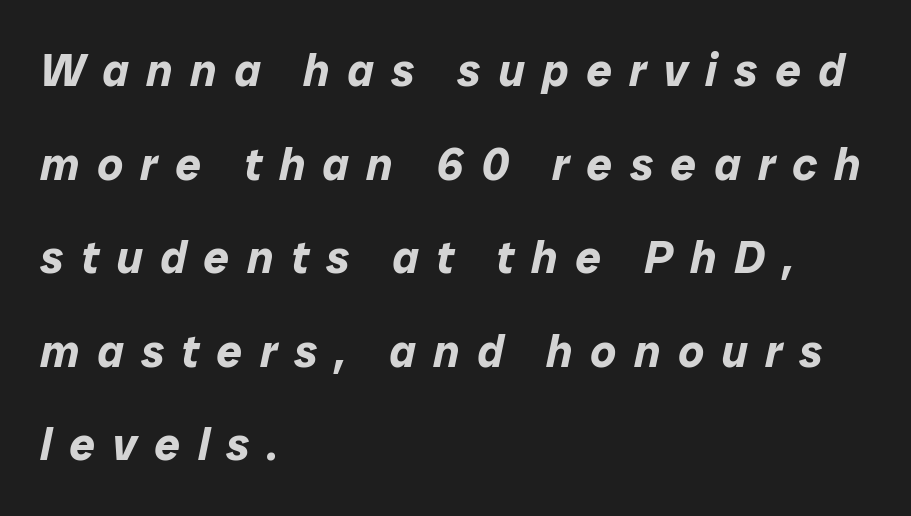
The setting favours the left margin, as ordinary paragraphs usually do. Substantial extra tracking has been applied to these lines. These lines were composed using italics. The zone under the glyphs is completely vacant. Looks like regular typesetting: each glyph gets only the width it needs. The sample has been set heavy, in full bold.
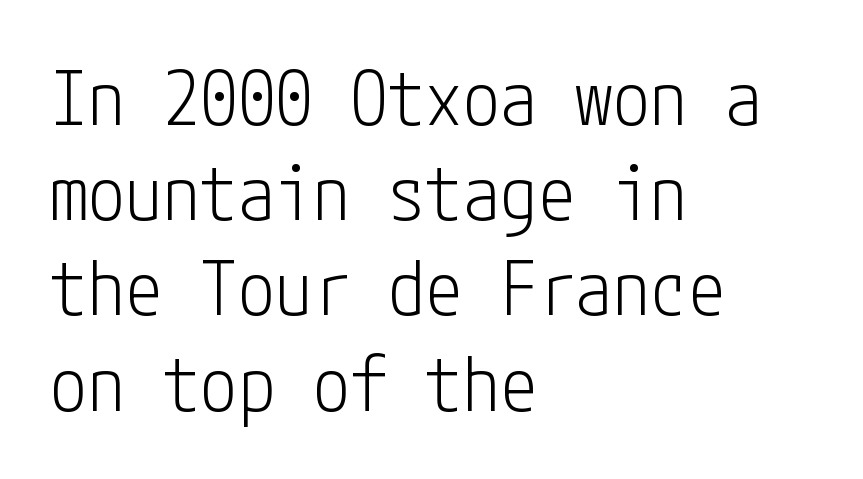
The typography opts for an upright posture over an oblique one. The horizontal fit of the characters is conventional and even. A typesetter would label this face a sans. Every row of glyphs begins at an identical x-position on the left.
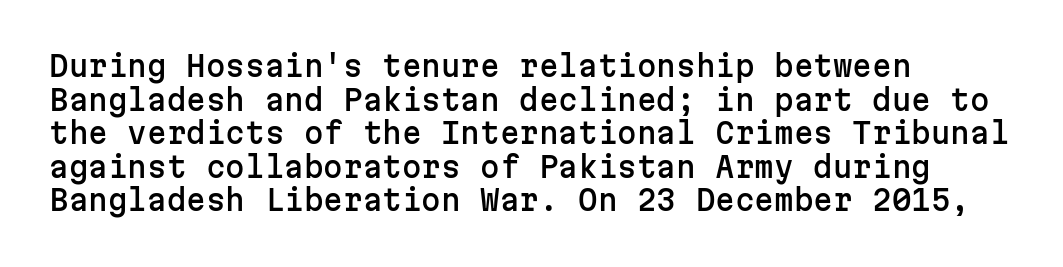
The image shows 28 px sans-serif type, upright, monospaced; set left-aligned, line spacing 1.2x, normal letter spacing, not underlined; low stroke contrast and a medium x-height.
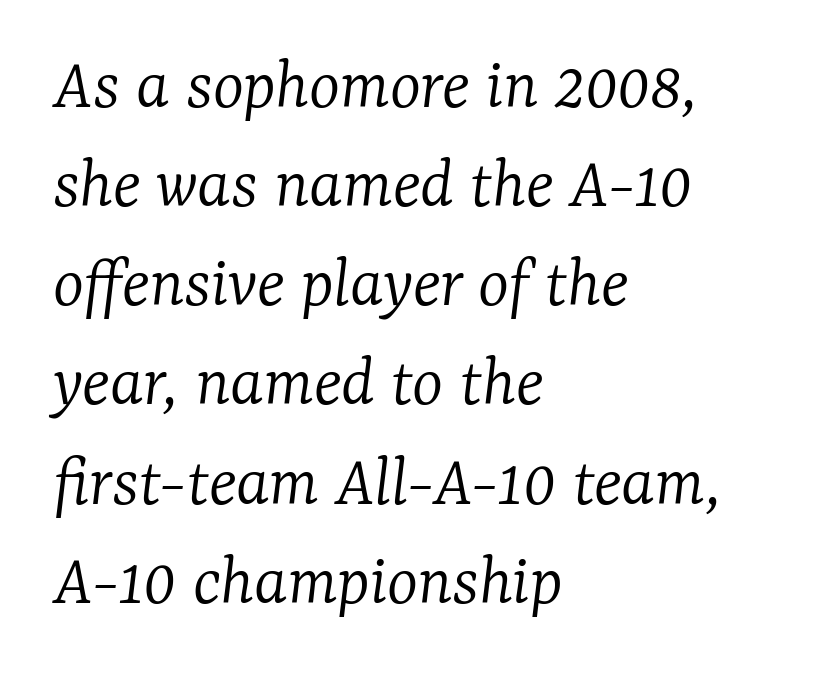
{"serif": "yes", "italic": "yes", "lean": "right", "slant_degrees": 7, "bold": "no", "weight": "light", "width": "normal", "stroke_contrast": "low", "x_height": "medium", "monospaced": "no", "underline": "no", "align": "left", "line_spacing": "normal", "line_spacing_ratio": 1.34, "letter_spacing": "normal", "letter_spacing_em": 0.0, "glyph_px": 74}
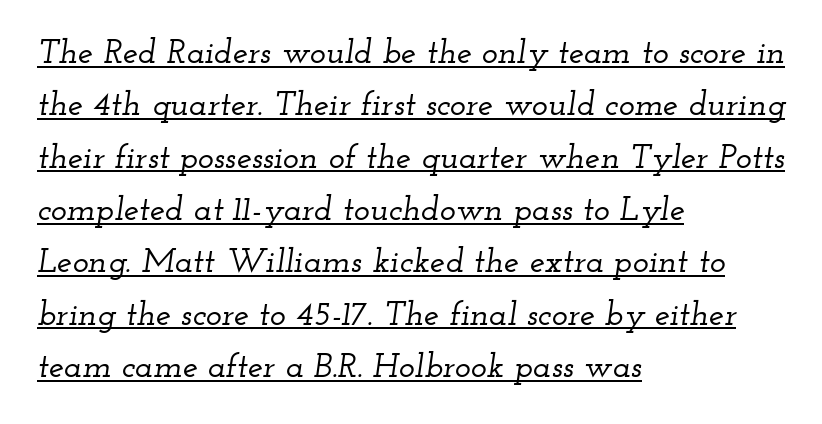
{"serif": "yes", "italic": "yes", "lean": "right", "slant_degrees": 12, "width": "wide", "stroke_contrast": "low", "x_height": "small", "monospaced": "no", "underline": "yes", "align": "left", "line_spacing": "normal", "line_spacing_ratio": 1.54, "letter_spacing": "normal", "letter_spacing_em": 0.0, "glyph_px": 34}
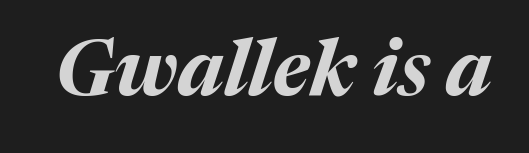
{"italic": "yes", "lean": "right", "slant_degrees": 17, "bold": "yes", "weight": "bold", "width": "normal", "stroke_contrast": "medium", "x_height": "medium", "monospaced": "no", "underline": "no", "letter_spacing": "normal", "letter_spacing_em": 0.0, "glyph_px": 78}
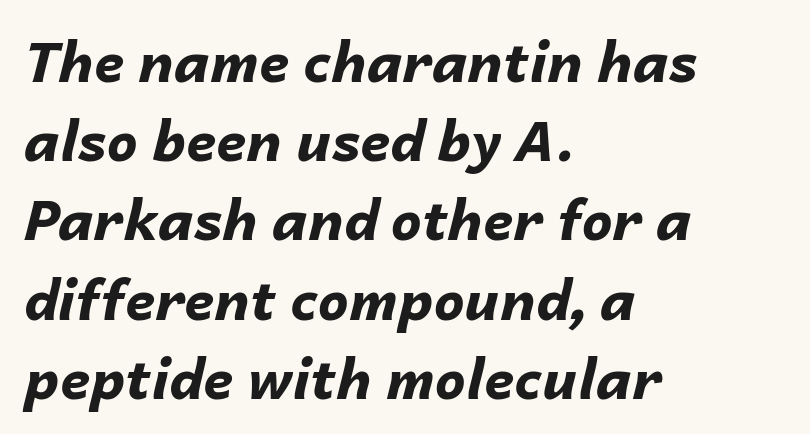
Q: Is the text bold? A: Yes.
Q: Is the text italic (slanted)? A: Yes, it leans right by about 14 degrees.
Q: Is the text underlined? A: No.
Q: How is the paragraph aligned? A: Left-aligned.
Q: Is the spacing between letters normal or unusually wide? A: Normal.
Q: Is the spacing between lines tight, normal or loose? A: Normal.
Q: Width (condensed, normal, or wide)? A: Normal.
Q: Stroke contrast? A: Low.
Q: x-height? A: Medium.
Q: Monospaced? A: No.
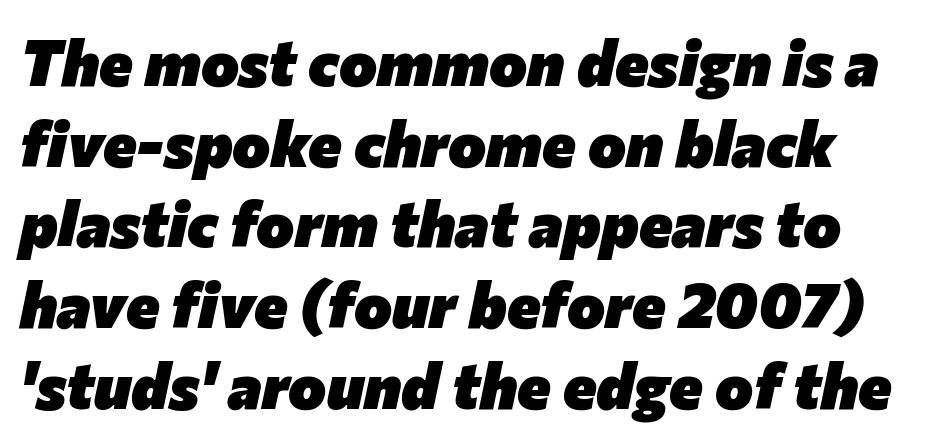
Q: Is the text bold? A: Yes.
Q: Is the text italic (slanted)? A: Yes, it leans right by about 12 degrees.
Q: Is the text underlined? A: No.
Q: Is the spacing between letters normal or unusually wide? A: Normal.
Q: Is the spacing between lines tight, normal or loose? A: Normal.
Q: Width (condensed, normal, or wide)? A: Normal.
Q: Stroke contrast? A: Low.
Q: x-height? A: Medium.
Q: Monospaced? A: No.
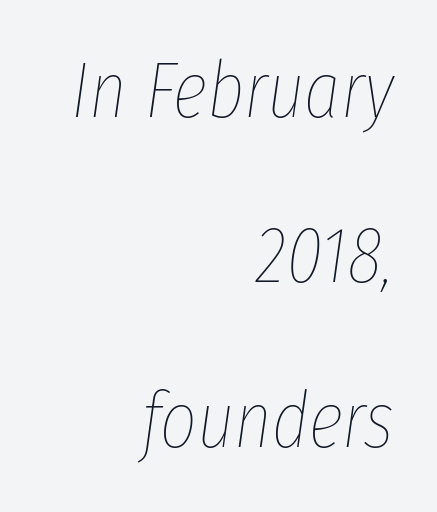
{"italic": "yes", "lean": "right", "slant_degrees": 8, "bold": "no", "weight": "thin", "width": "condensed", "stroke_contrast": "low", "x_height": "medium", "monospaced": "no", "underline": "no", "align": "right", "line_spacing": "loose", "line_spacing_ratio": 2.09, "letter_spacing": "normal", "letter_spacing_em": 0.0, "glyph_px": 79}
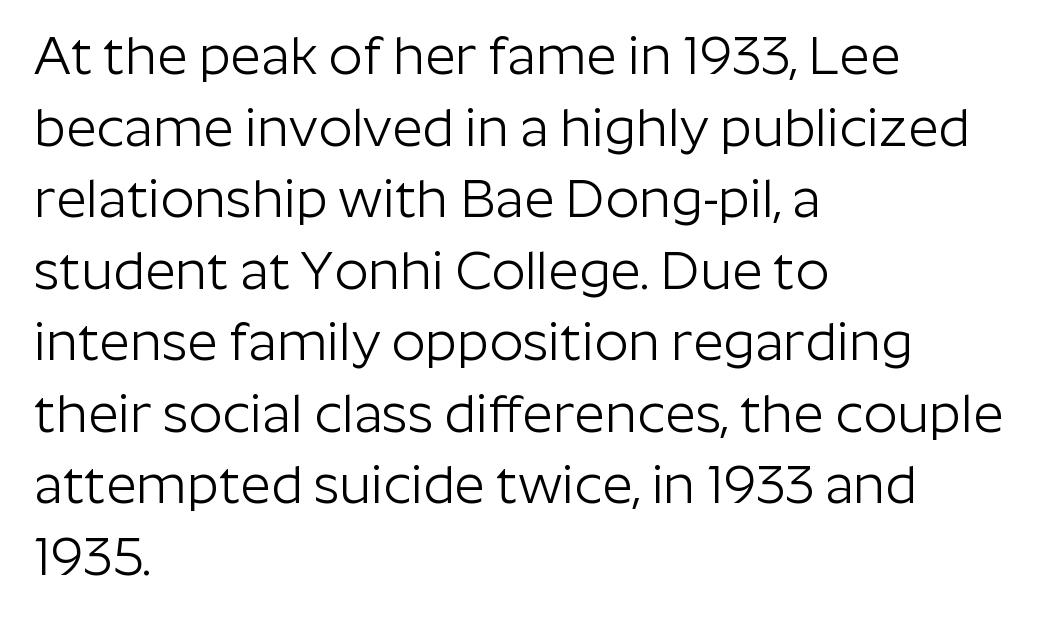
The image shows 53 px light sans-serif type, upright; set left-aligned, normal line spacing (1.35x), normal letter spacing, not underlined; low stroke contrast and a medium x-height.
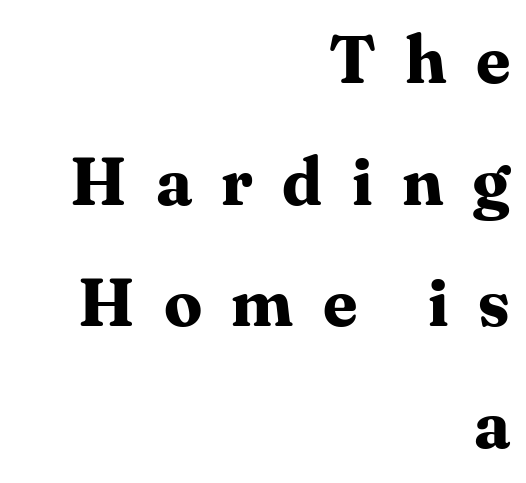
{"serif": "yes", "italic": "no", "bold": "yes", "weight": "bold", "width": "normal", "stroke_contrast": "medium", "x_height": "medium", "monospaced": "no", "underline": "no", "align": "right", "line_spacing_ratio": 1.79, "letter_spacing": "wide", "letter_spacing_em": 0.43, "glyph_px": 68}
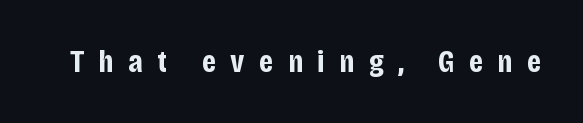
{"serif": "no", "italic": "no", "bold": "yes", "weight": "bold", "width": "condensed", "stroke_contrast": "low", "x_height": "large", "monospaced": "no", "underline": "no", "letter_spacing": "wide", "letter_spacing_em": 0.45, "glyph_px": 32}
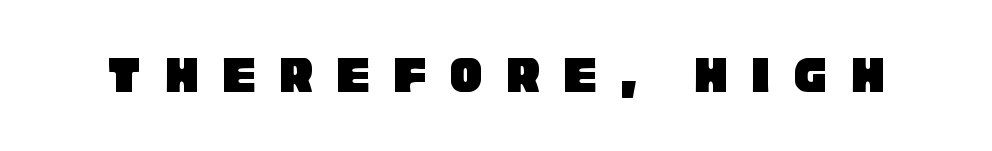
Q: Is the typeface a serif or a sans-serif typeface? A: Sans-serif.
Q: Is the text underlined? A: No.
Q: Is the spacing between letters normal or unusually wide? A: Unusually wide.
Q: Width (condensed, normal, or wide)? A: Condensed.
Q: Stroke contrast? A: Low.
Q: x-height? A: Large.
Q: Monospaced? A: No.
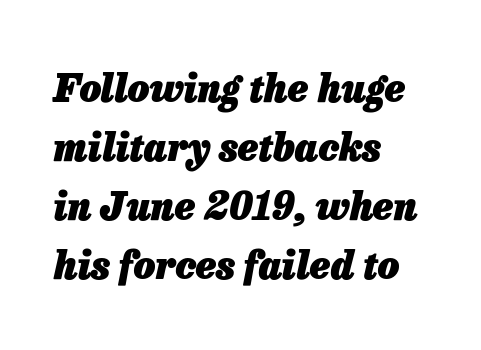
Q: Is the text bold? A: Yes.
Q: Is the text italic (slanted)? A: Yes, it leans right by about 13 degrees.
Q: Is the text underlined? A: No.
Q: How is the paragraph aligned? A: Left-aligned.
Q: Is the spacing between letters normal or unusually wide? A: Normal.
Q: Is the spacing between lines tight, normal or loose? A: Normal.
Q: Width (condensed, normal, or wide)? A: Normal.
Q: Stroke contrast? A: Low.
Q: x-height? A: Medium.
Q: Monospaced? A: No.
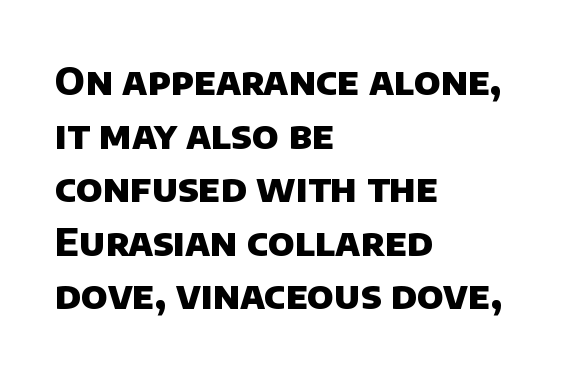
This rendering employs a face without finishing strokes, i.e., a sans-serif. Beneath every word, the page is bare. The lines sit at an ordinary, default distance from one another. Do the characters align in a grid? No, the font is proportional. The paragraph shown leans on its left margin.
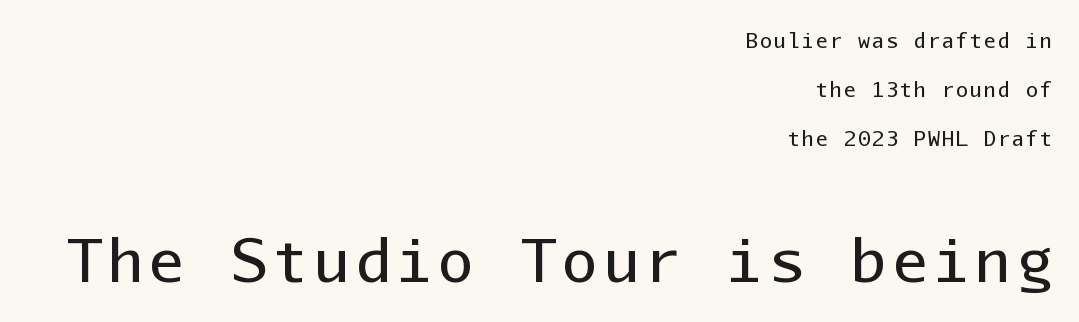
Q: Is the text bold? A: No.
Q: Is the text italic (slanted)? A: No, it is upright.
Q: Is the typeface a serif or a sans-serif typeface? A: Sans-serif.
Q: Is the text underlined? A: No.
Q: How is the paragraph aligned? A: Right-aligned.
Q: Is the spacing between lines tight, normal or loose? A: Loose.
Q: Which block of text is set in a larger size, the first (top) or the second (bottom)? A: The second (bottom) one.
Q: Width (condensed, normal, or wide)? A: Normal.
Q: Stroke contrast? A: Low.
Q: x-height? A: Medium.
Q: Monospaced? A: Yes.
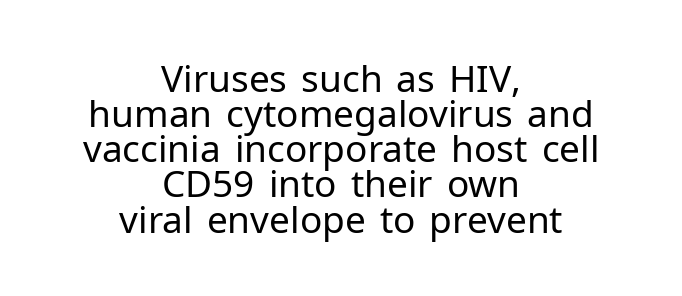
The image shows 37 px regular-weight sans-serif type, upright; set centered, tight line spacing (0.95x), normal letter spacing, not underlined; low stroke contrast and a medium x-height.
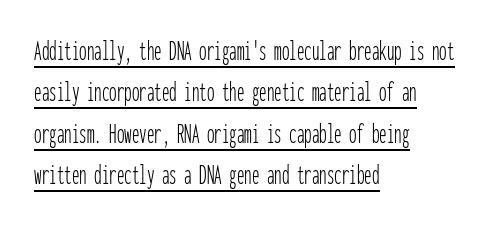
{"serif": "no", "italic": "no", "bold": "no", "weight": "thin", "width": "condensed", "stroke_contrast": "low", "x_height": "medium", "monospaced": "yes", "underline": "yes", "align": "left", "line_spacing": "normal", "line_spacing_ratio": 1.38, "letter_spacing": "normal", "letter_spacing_em": 0.0, "glyph_px": 30}
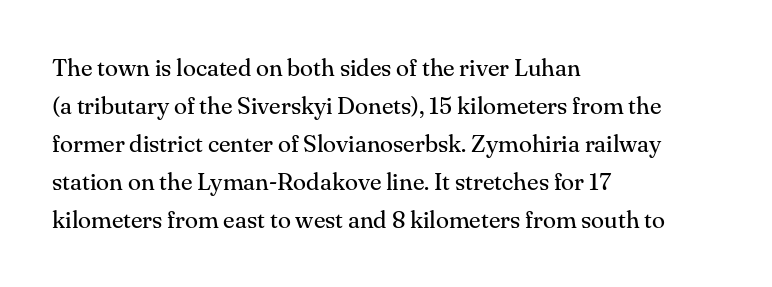
Caption: standard tracking, unaltered. How would I describe the line gaps? Plain and ordinary. Notice how the stems are strictly vertical — no italics here. The typeface has the unassuming heft of standard copy or less. The lines are quadded left.
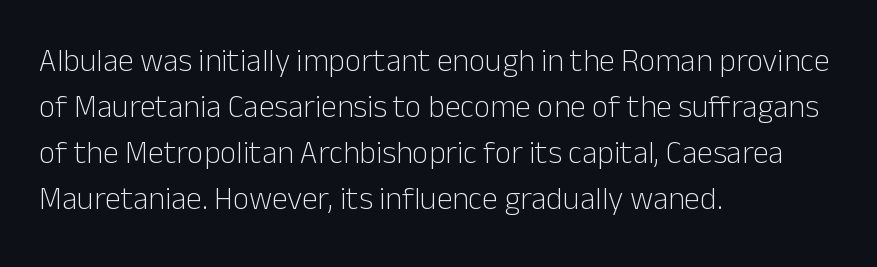
Q: Is the text bold? A: No.
Q: Is the text italic (slanted)? A: No, it is upright.
Q: Is the typeface a serif or a sans-serif typeface? A: Sans-serif.
Q: Is the text underlined? A: No.
Q: How is the paragraph aligned? A: Left-aligned.
Q: Is the spacing between letters normal or unusually wide? A: Normal.
Q: Is the spacing between lines tight, normal or loose? A: Normal.
Q: Width (condensed, normal, or wide)? A: Normal.
Q: Stroke contrast? A: Low.
Q: x-height? A: Medium.
Q: Monospaced? A: No.
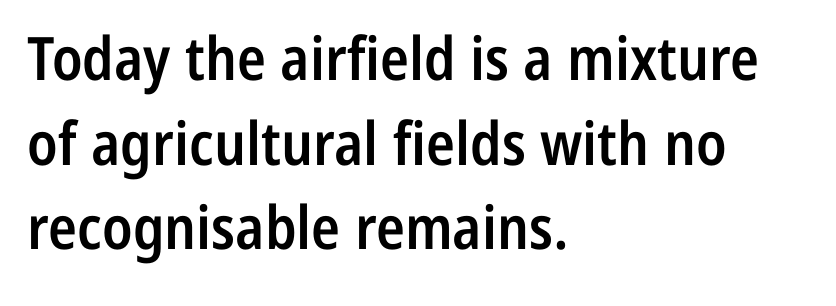
Q: Is the text bold? A: Semi-bold.
Q: Is the text italic (slanted)? A: No, it is upright.
Q: Is the typeface a serif or a sans-serif typeface? A: Sans-serif.
Q: Is the text underlined? A: No.
Q: How is the paragraph aligned? A: Left-aligned.
Q: Is the spacing between letters normal or unusually wide? A: Normal.
Q: Is the spacing between lines tight, normal or loose? A: Normal.
Q: Width (condensed, normal, or wide)? A: Condensed.
Q: Stroke contrast? A: Low.
Q: x-height? A: Medium.
Q: Monospaced? A: No.
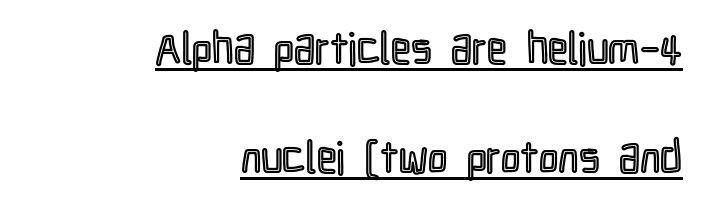
Notice how the stems are strictly vertical — no italics here. Spacing verdict: proportional, widths tailored to each character. Compared with undecorated copy, this sample adds a rule below the words. Does the leading feel generous? Absolutely, it's lavish. Spacing between characters is what you'd get straight out of the box.
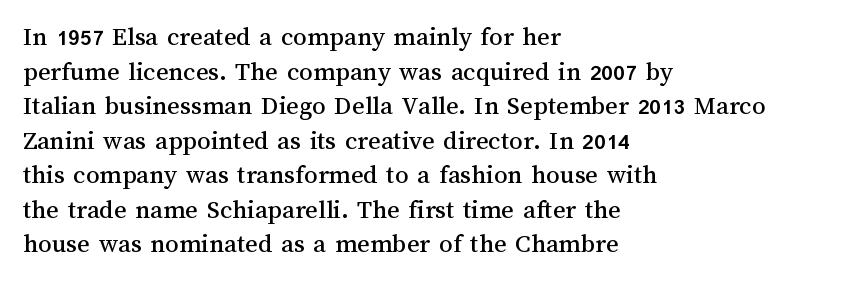
{"italic": "no", "underline": "no", "align": "left", "line_spacing": "normal", "line_spacing_ratio": 1.28, "letter_spacing": "normal", "letter_spacing_em": 0.0, "glyph_px": 27}
++++++++
§ Your goal
Scan the data, and report each line that uses the word "leans".

§ Result for this task
Q: Is the text italic (slanted)? A: Yes, it leans right by about 14 degrees.
Q: Is the text italic (slanted)? A: Yes, it leans right by about 12 degrees.
Q: Is the text italic (slanted)? A: Yes, it leans right by about 13 degrees.
This rendering employs a face without finishing strokes, i.e., a sans-serif. Beneath every word, the page is bare. The lines sit at an ordinary, default distance from one another. Do the characters align in a grid? No, the font is proportional. The paragraph shown leans on its left margin.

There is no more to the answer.